For this exercise, transcribe all the entries exactly as given and omit the images.

((

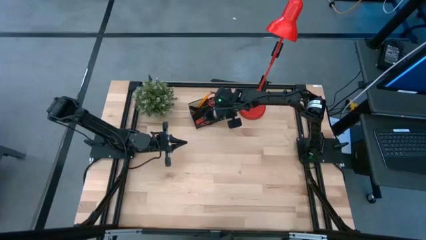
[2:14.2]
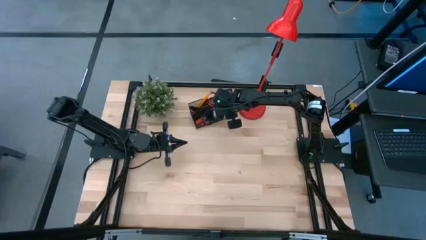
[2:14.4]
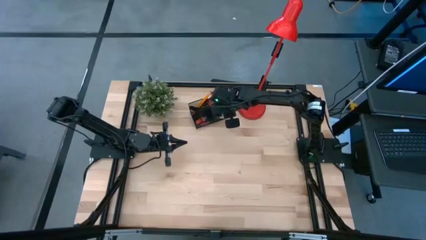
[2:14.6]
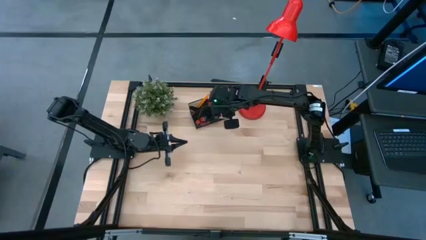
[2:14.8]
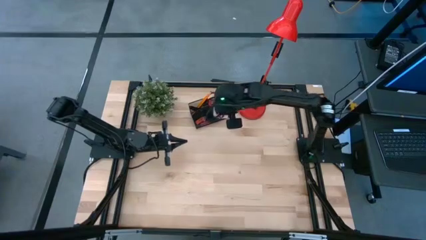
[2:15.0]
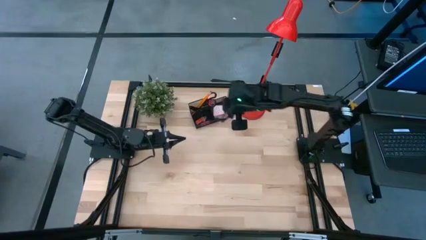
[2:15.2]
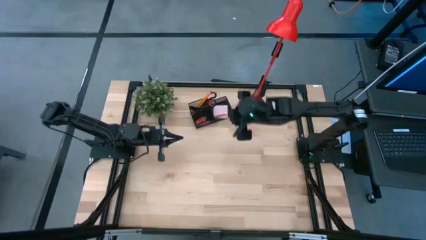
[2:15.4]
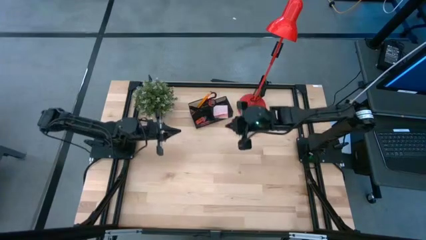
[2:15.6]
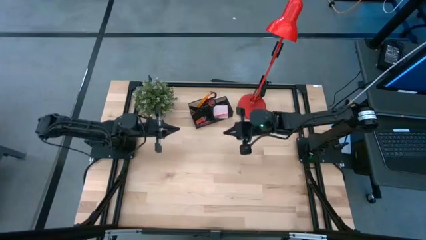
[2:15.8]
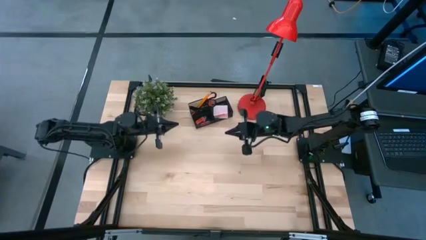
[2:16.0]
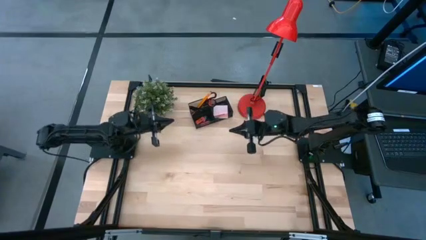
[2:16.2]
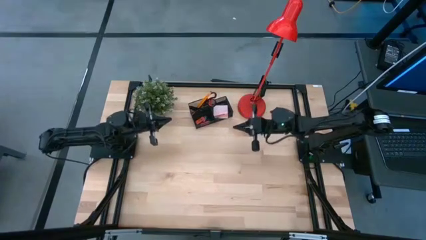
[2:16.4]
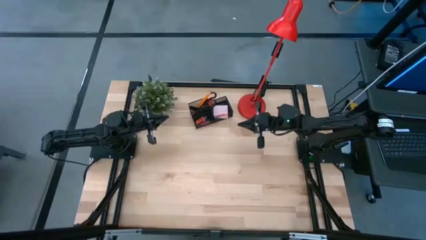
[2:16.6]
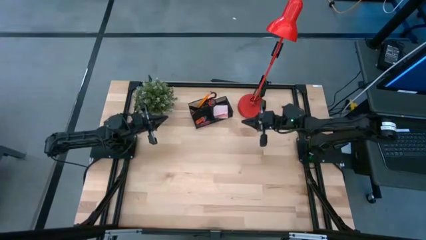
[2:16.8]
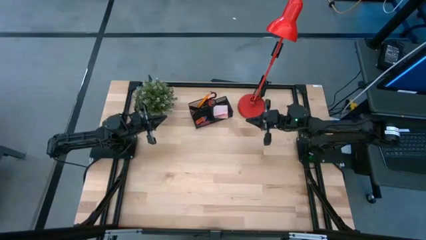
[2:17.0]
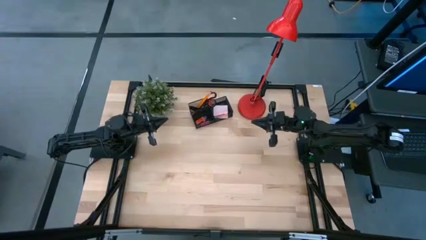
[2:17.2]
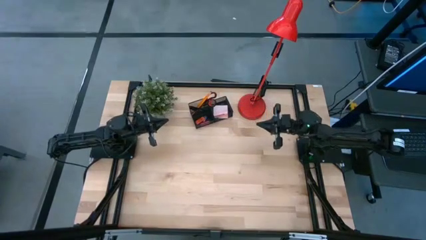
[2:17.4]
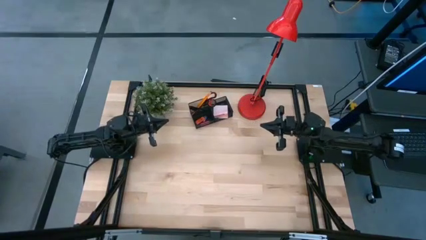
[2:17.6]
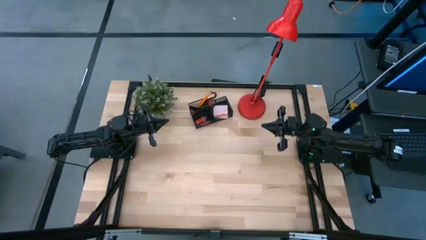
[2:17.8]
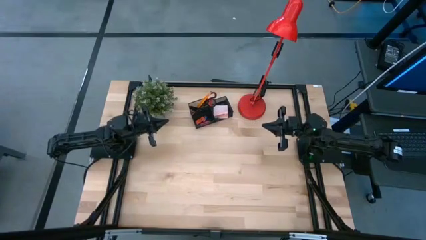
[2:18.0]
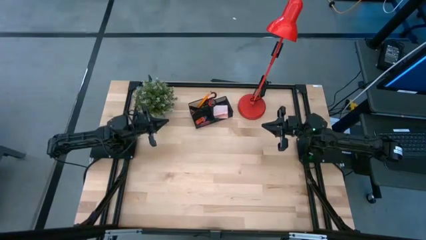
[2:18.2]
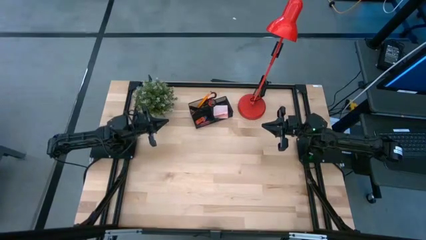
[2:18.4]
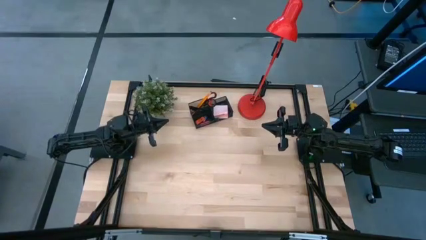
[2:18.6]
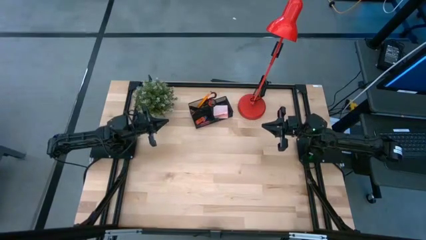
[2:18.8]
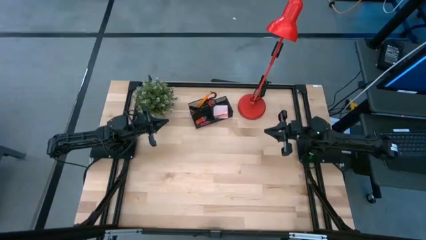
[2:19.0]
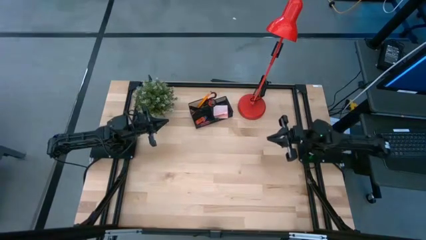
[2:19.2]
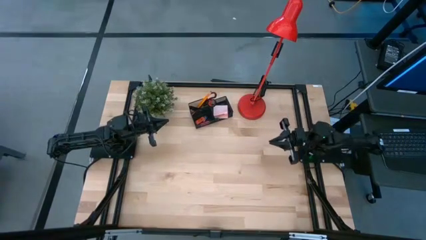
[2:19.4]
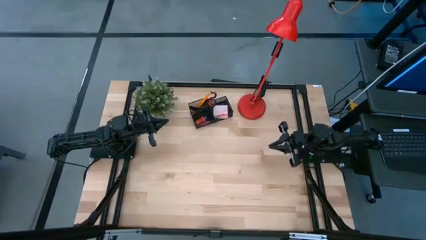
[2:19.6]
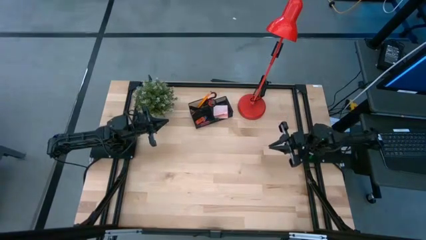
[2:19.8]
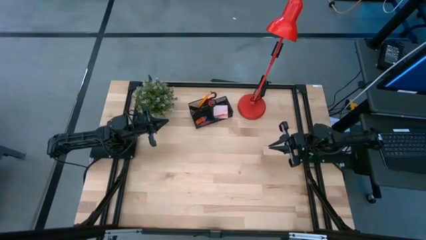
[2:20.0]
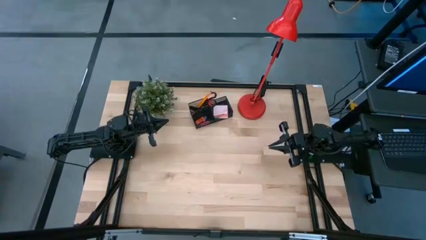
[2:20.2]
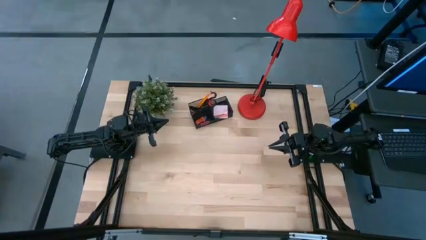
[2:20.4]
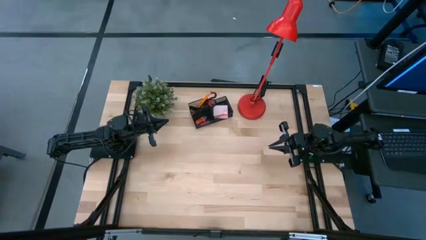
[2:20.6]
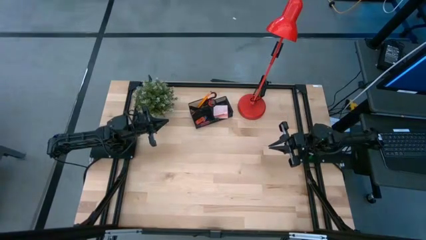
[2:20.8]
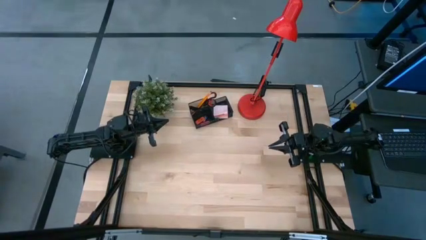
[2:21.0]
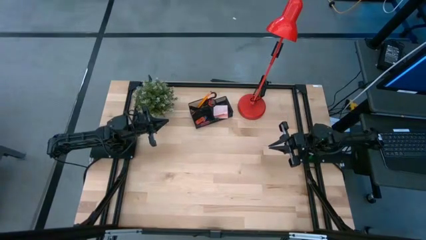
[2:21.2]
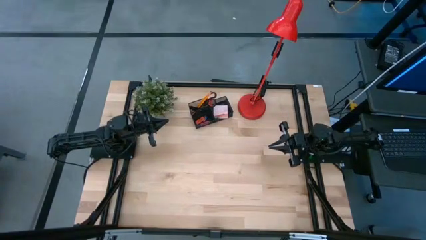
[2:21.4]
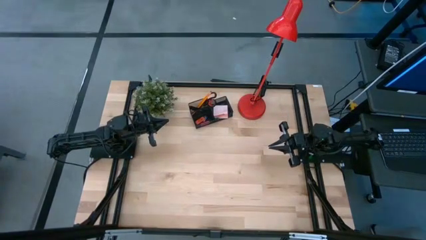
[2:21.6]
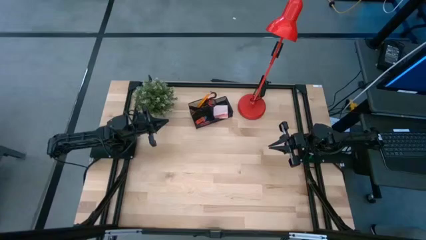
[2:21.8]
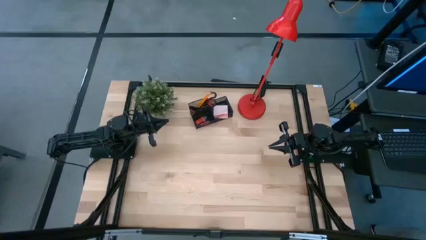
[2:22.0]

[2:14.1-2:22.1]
Return to Home Position

))

Written solution:
[2:14.2]
[2:14.4]
[2:14.6]
[2:14.8]
[2:15.0]
[2:15.2]
[2:15.4]
[2:15.6]
[2:15.8]
[2:16.0]
[2:16.2]
[2:16.4]
[2:16.6]
[2:16.8]
[2:17.0]
[2:17.2]
[2:17.4]
[2:17.6]
[2:17.8]
[2:18.0]
[2:18.2]
[2:18.4]
[2:18.6]
[2:18.8]
[2:19.0]
[2:19.2]
[2:19.4]
[2:19.6]
[2:19.8]
[2:20.0]
[2:20.2]
[2:20.4]
[2:20.6]
[2:20.8]
[2:21.0]
[2:21.2]
[2:21.4]
[2:21.6]
[2:21.8]
[2:22.0]

[2:14.1-2:22.1]
Return to Home Position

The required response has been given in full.